→ GOAL OF THE EXERCISE: Reproduce the listing that follows word for word, without its pictures.

→ SOURCE RECORDS:
^^^^

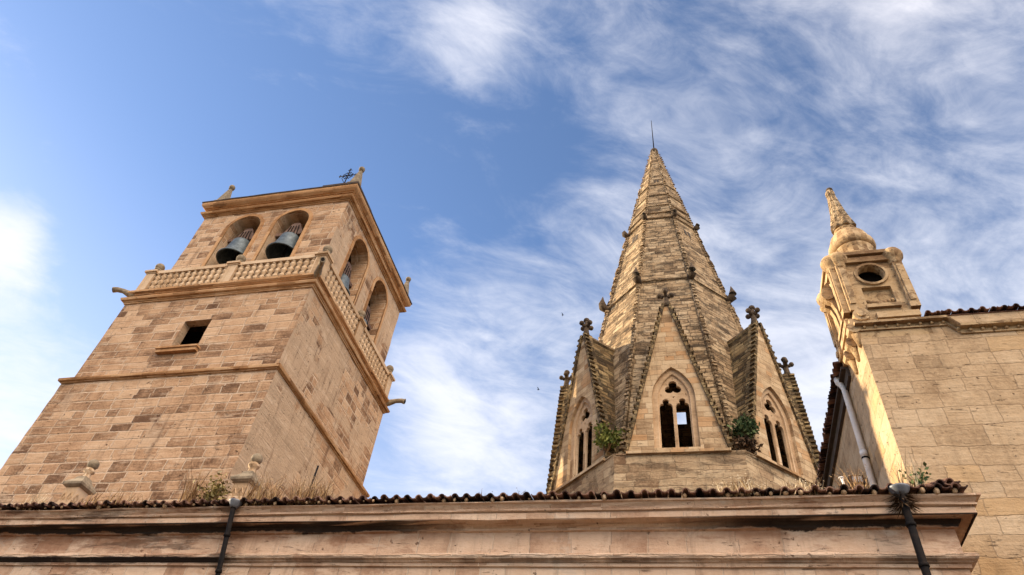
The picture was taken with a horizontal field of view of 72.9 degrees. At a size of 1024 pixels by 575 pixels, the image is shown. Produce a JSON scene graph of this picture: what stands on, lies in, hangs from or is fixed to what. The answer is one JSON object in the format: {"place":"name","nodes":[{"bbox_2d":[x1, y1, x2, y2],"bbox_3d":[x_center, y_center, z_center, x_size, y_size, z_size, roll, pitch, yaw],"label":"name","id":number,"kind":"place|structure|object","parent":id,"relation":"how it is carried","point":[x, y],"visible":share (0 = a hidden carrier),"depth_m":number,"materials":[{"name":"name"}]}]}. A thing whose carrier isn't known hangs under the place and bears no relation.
{"place":"outdoors","nodes":[
{"label":"outdoors","id":0,"kind":"place"},
{"bbox_2d":[0,167,411,504],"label":"bell tower","id":1,"kind":"structure","parent":0,"point":[199,357],"depth_m":25.93,"materials":[{"name":"stone"}]},
{"bbox_2d":[216,228,254,263],"bbox_3d":[-12.258,-1.861,31.453,1.511,2.248,1.511,23,-47,-14],"label":"church bell","id":2,"kind":"object","parent":1,"relation":"hanging from","point":[233,249],"visible":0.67,"depth_m":31.06,"materials":[{"name":"grey metal"}]},
{"bbox_2d":[265,223,302,258],"bbox_3d":[-9.887,-2.070,30.917,1.511,2.248,1.511,23,-47,-14],"label":"church bell","id":3,"kind":"object","parent":1,"relation":"hanging from","point":[283,245],"visible":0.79,"depth_m":30.59,"materials":[{"name":"grey metal"}]},
{"bbox_2d":[341,262,351,295],"bbox_3d":[-7.648,-0.387,31.176,1.566,1.977,1.195,36,-52,-24],"label":"church bell","id":4,"kind":"object","parent":1,"relation":"hanging from","point":[346,278],"visible":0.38,"depth_m":31.12,"materials":[{"name":"grey metal"}]},
{"bbox_2d":[364,305,370,329],"bbox_3d":[-7.090,1.540,32.892,0.835,1.672,1.731,-22,-53,27],"label":"church bell","id":5,"kind":"object","parent":1,"relation":"hanging from","point":[367,319],"visible":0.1,"depth_m":33.24,"materials":[{"name":"metal"}]},
{"bbox_2d":[308,465,318,495],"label":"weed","id":6,"kind":"object","parent":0,"point":[315,473],"visible":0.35,"depth_m":13.66,"materials":[{"name":"plant"}]},
{"bbox_2d":[0,0,1023,499],"label":"sky","id":7,"kind":"structure","parent":0,"point":[503,147],"materials":[{"name":"blue"}]},
{"bbox_2d":[545,121,818,498],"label":"church spire","id":8,"kind":"structure","parent":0,"point":[674,337],"depth_m":27.52,"materials":[{"name":"brown stone"}]},
{"bbox_2d":[589,420,627,452],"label":"spire shrub","id":9,"kind":"object","parent":8,"relation":"on","point":[604,438],"visible":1,"depth_m":24.61,"materials":[{"name":"green plant"}]},
{"bbox_2d":[726,412,759,439],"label":"spire shrub","id":10,"kind":"object","parent":8,"relation":"on","point":[742,428],"visible":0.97,"depth_m":23.68,"materials":[{"name":"green plant"}]},
{"bbox_2d":[732,435,763,453],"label":"dead shrub","id":11,"kind":"object","parent":8,"relation":"hanging from","point":[747,444],"visible":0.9,"depth_m":23.17,"materials":[{"name":"brown plant"}]},
{"label":"ground","id":12,"kind":"structure","parent":0,"visible":0},
{"bbox_2d":[0,453,980,574],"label":"church front","id":13,"kind":"structure","parent":12,"relation":"on","point":[894,529],"depth_m":11.04,"materials":[{"name":"stone"}]},
{"bbox_2d":[17,486,49,509],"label":"dry weed","id":14,"kind":"object","parent":13,"relation":"on","point":[43,500],"visible":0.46,"depth_m":13.59,"materials":[{"name":"plant"}]},
{"bbox_2d":[77,488,156,508],"bbox_3d":[-7.380,4.042,13.108,1.615,0.380,0.965,-22,-53,27],"label":"dry weed","id":15,"kind":"object","parent":13,"relation":"on","point":[95,500],"visible":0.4,"depth_m":12.90,"materials":[{"name":"beige plant"}]},
{"bbox_2d":[175,462,218,507],"bbox_3d":[-5.927,3.726,13.023,0.817,0.990,0.811,3,-46,5],"label":"dry weed","id":16,"kind":"object","parent":13,"relation":"on","point":[188,495],"visible":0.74,"depth_m":12.85,"materials":[{"name":"beige plant"}]},
{"bbox_2d":[193,470,232,505],"bbox_3d":[-5.550,3.776,12.813,0.726,0.811,0.580,-5,-47,13],"label":"round bush","id":17,"kind":"object","parent":13,"relation":"on","point":[217,491],"visible":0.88,"depth_m":12.76,"materials":[{"name":"green plant"}]},
{"bbox_2d":[236,473,290,505],"bbox_3d":[-4.535,3.689,12.604,1.157,0.721,0.734,-5,-47,13],"label":"dry weed","id":18,"kind":"object","parent":13,"relation":"on","point":[261,492],"visible":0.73,"depth_m":12.46,"materials":[{"name":"beige plant"}]},
{"bbox_2d":[287,469,342,504],"bbox_3d":[-3.507,3.611,12.373,1.064,0.707,0.733,-5,-47,13],"label":"dry weed","id":19,"kind":"object","parent":13,"relation":"on","point":[313,494],"visible":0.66,"depth_m":12.21,"materials":[{"name":"beige plant"}]},
{"bbox_2d":[712,473,771,496],"bbox_3d":[3.537,3.081,10.676,0.894,0.433,0.613,-5,-47,13],"label":"dry weed","id":20,"kind":"object","parent":13,"relation":"on","point":[734,488],"visible":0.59,"depth_m":10.54,"materials":[{"name":"plant"}]},
{"bbox_2d":[781,471,824,495],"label":"dry weed","id":21,"kind":"object","parent":13,"relation":"on","point":[805,489],"visible":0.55,"depth_m":10.39,"materials":[{"name":"plant"}]},
{"bbox_2d":[830,463,871,494],"bbox_3d":[5.095,2.888,10.362,0.613,0.565,0.582,-5,-47,13],"label":"dry weed","id":22,"kind":"object","parent":13,"relation":"on","point":[855,483],"visible":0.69,"depth_m":10.30,"materials":[{"name":"beige plant"}]},
{"bbox_2d":[847,475,868,488],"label":"weed","id":23,"kind":"object","parent":13,"relation":"on","point":[863,480],"visible":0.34,"depth_m":10.70,"materials":[{"name":"beige plant"}]},
{"bbox_2d":[884,452,927,493],"bbox_3d":[5.847,2.690,10.250,0.665,0.831,0.639,-5,-47,13],"label":"dry weed","id":24,"kind":"object","parent":13,"relation":"on","point":[907,479],"visible":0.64,"depth_m":10.19,"materials":[{"name":"plant"}]},
{"bbox_2d":[898,462,930,491],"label":"green weed","id":25,"kind":"object","parent":13,"relation":"on","point":[920,481],"visible":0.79,"depth_m":10.13,"materials":[{"name":"green plant"}]},
{"bbox_2d":[815,187,1023,574],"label":"church nave","id":26,"kind":"structure","parent":12,"relation":"on","point":[942,391],"depth_m":13.79,"materials":[{"name":"stone"}]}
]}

^^^^

→ ANSWER TO THE PROBLEM:
The picture was taken with a horizontal field of view of 72.9 degrees. At a size of 1024 pixels by 575 pixels, the image is shown. Produce a JSON scene graph of this picture: what stands on, lies in, hangs from or is fixed to what. The answer is one JSON object in the format: {"place":"name","nodes":[{"bbox_2d":[x1, y1, x2, y2],"bbox_3d":[x_center, y_center, z_center, x_size, y_size, z_size, roll, pitch, yaw],"label":"name","id":number,"kind":"place|structure|object","parent":id,"relation":"how it is carried","point":[x, y],"visible":share (0 = a hidden carrier),"depth_m":number,"materials":[{"name":"name"}]}]}. A thing whose carrier isn't known hangs under the place and bears no relation.
{"place":"outdoors","nodes":[
{"label":"outdoors","id":0,"kind":"place"},
{"bbox_2d":[0,167,411,504],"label":"bell tower","id":1,"kind":"structure","parent":0,"point":[199,357],"depth_m":25.93,"materials":[{"name":"stone"}]},
{"bbox_2d":[216,228,254,263],"bbox_3d":[-12.258,-1.861,31.453,1.511,2.248,1.511,23,-47,-14],"label":"church bell","id":2,"kind":"object","parent":1,"relation":"hanging from","point":[233,249],"visible":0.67,"depth_m":31.06,"materials":[{"name":"grey metal"}]},
{"bbox_2d":[265,223,302,258],"bbox_3d":[-9.887,-2.070,30.917,1.511,2.248,1.511,23,-47,-14],"label":"church bell","id":3,"kind":"object","parent":1,"relation":"hanging from","point":[283,245],"visible":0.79,"depth_m":30.59,"materials":[{"name":"grey metal"}]},
{"bbox_2d":[341,262,351,295],"bbox_3d":[-7.648,-0.387,31.176,1.566,1.977,1.195,36,-52,-24],"label":"church bell","id":4,"kind":"object","parent":1,"relation":"hanging from","point":[346,278],"visible":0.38,"depth_m":31.12,"materials":[{"name":"grey metal"}]},
{"bbox_2d":[364,305,370,329],"bbox_3d":[-7.090,1.540,32.892,0.835,1.672,1.731,-22,-53,27],"label":"church bell","id":5,"kind":"object","parent":1,"relation":"hanging from","point":[367,319],"visible":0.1,"depth_m":33.24,"materials":[{"name":"metal"}]},
{"bbox_2d":[308,465,318,495],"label":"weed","id":6,"kind":"object","parent":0,"point":[315,473],"visible":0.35,"depth_m":13.66,"materials":[{"name":"plant"}]},
{"bbox_2d":[0,0,1023,499],"label":"sky","id":7,"kind":"structure","parent":0,"point":[503,147],"materials":[{"name":"blue"}]},
{"bbox_2d":[545,121,818,498],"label":"church spire","id":8,"kind":"structure","parent":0,"point":[674,337],"depth_m":27.52,"materials":[{"name":"brown stone"}]},
{"bbox_2d":[589,420,627,452],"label":"spire shrub","id":9,"kind":"object","parent":8,"relation":"on","point":[604,438],"visible":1,"depth_m":24.61,"materials":[{"name":"green plant"}]},
{"bbox_2d":[726,412,759,439],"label":"spire shrub","id":10,"kind":"object","parent":8,"relation":"on","point":[742,428],"visible":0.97,"depth_m":23.68,"materials":[{"name":"green plant"}]},
{"bbox_2d":[732,435,763,453],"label":"dead shrub","id":11,"kind":"object","parent":8,"relation":"hanging from","point":[747,444],"visible":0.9,"depth_m":23.17,"materials":[{"name":"brown plant"}]},
{"label":"ground","id":12,"kind":"structure","parent":0,"visible":0},
{"bbox_2d":[0,453,980,574],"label":"church front","id":13,"kind":"structure","parent":12,"relation":"on","point":[894,529],"depth_m":11.04,"materials":[{"name":"stone"}]},
{"bbox_2d":[17,486,49,509],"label":"dry weed","id":14,"kind":"object","parent":13,"relation":"on","point":[43,500],"visible":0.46,"depth_m":13.59,"materials":[{"name":"plant"}]},
{"bbox_2d":[77,488,156,508],"bbox_3d":[-7.380,4.042,13.108,1.615,0.380,0.965,-22,-53,27],"label":"dry weed","id":15,"kind":"object","parent":13,"relation":"on","point":[95,500],"visible":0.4,"depth_m":12.90,"materials":[{"name":"beige plant"}]},
{"bbox_2d":[175,462,218,507],"bbox_3d":[-5.927,3.726,13.023,0.817,0.990,0.811,3,-46,5],"label":"dry weed","id":16,"kind":"object","parent":13,"relation":"on","point":[188,495],"visible":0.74,"depth_m":12.85,"materials":[{"name":"beige plant"}]},
{"bbox_2d":[193,470,232,505],"bbox_3d":[-5.550,3.776,12.813,0.726,0.811,0.580,-5,-47,13],"label":"round bush","id":17,"kind":"object","parent":13,"relation":"on","point":[217,491],"visible":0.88,"depth_m":12.76,"materials":[{"name":"green plant"}]},
{"bbox_2d":[236,473,290,505],"bbox_3d":[-4.535,3.689,12.604,1.157,0.721,0.734,-5,-47,13],"label":"dry weed","id":18,"kind":"object","parent":13,"relation":"on","point":[261,492],"visible":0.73,"depth_m":12.46,"materials":[{"name":"beige plant"}]},
{"bbox_2d":[287,469,342,504],"bbox_3d":[-3.507,3.611,12.373,1.064,0.707,0.733,-5,-47,13],"label":"dry weed","id":19,"kind":"object","parent":13,"relation":"on","point":[313,494],"visible":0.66,"depth_m":12.21,"materials":[{"name":"beige plant"}]},
{"bbox_2d":[712,473,771,496],"bbox_3d":[3.537,3.081,10.676,0.894,0.433,0.613,-5,-47,13],"label":"dry weed","id":20,"kind":"object","parent":13,"relation":"on","point":[734,488],"visible":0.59,"depth_m":10.54,"materials":[{"name":"plant"}]},
{"bbox_2d":[781,471,824,495],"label":"dry weed","id":21,"kind":"object","parent":13,"relation":"on","point":[805,489],"visible":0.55,"depth_m":10.39,"materials":[{"name":"plant"}]},
{"bbox_2d":[830,463,871,494],"bbox_3d":[5.095,2.888,10.362,0.613,0.565,0.582,-5,-47,13],"label":"dry weed","id":22,"kind":"object","parent":13,"relation":"on","point":[855,483],"visible":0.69,"depth_m":10.30,"materials":[{"name":"beige plant"}]},
{"bbox_2d":[847,475,868,488],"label":"weed","id":23,"kind":"object","parent":13,"relation":"on","point":[863,480],"visible":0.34,"depth_m":10.70,"materials":[{"name":"beige plant"}]},
{"bbox_2d":[884,452,927,493],"bbox_3d":[5.847,2.690,10.250,0.665,0.831,0.639,-5,-47,13],"label":"dry weed","id":24,"kind":"object","parent":13,"relation":"on","point":[907,479],"visible":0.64,"depth_m":10.19,"materials":[{"name":"plant"}]},
{"bbox_2d":[898,462,930,491],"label":"green weed","id":25,"kind":"object","parent":13,"relation":"on","point":[920,481],"visible":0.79,"depth_m":10.13,"materials":[{"name":"green plant"}]},
{"bbox_2d":[815,187,1023,574],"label":"church nave","id":26,"kind":"structure","parent":12,"relation":"on","point":[942,391],"depth_m":13.79,"materials":[{"name":"stone"}]}
]}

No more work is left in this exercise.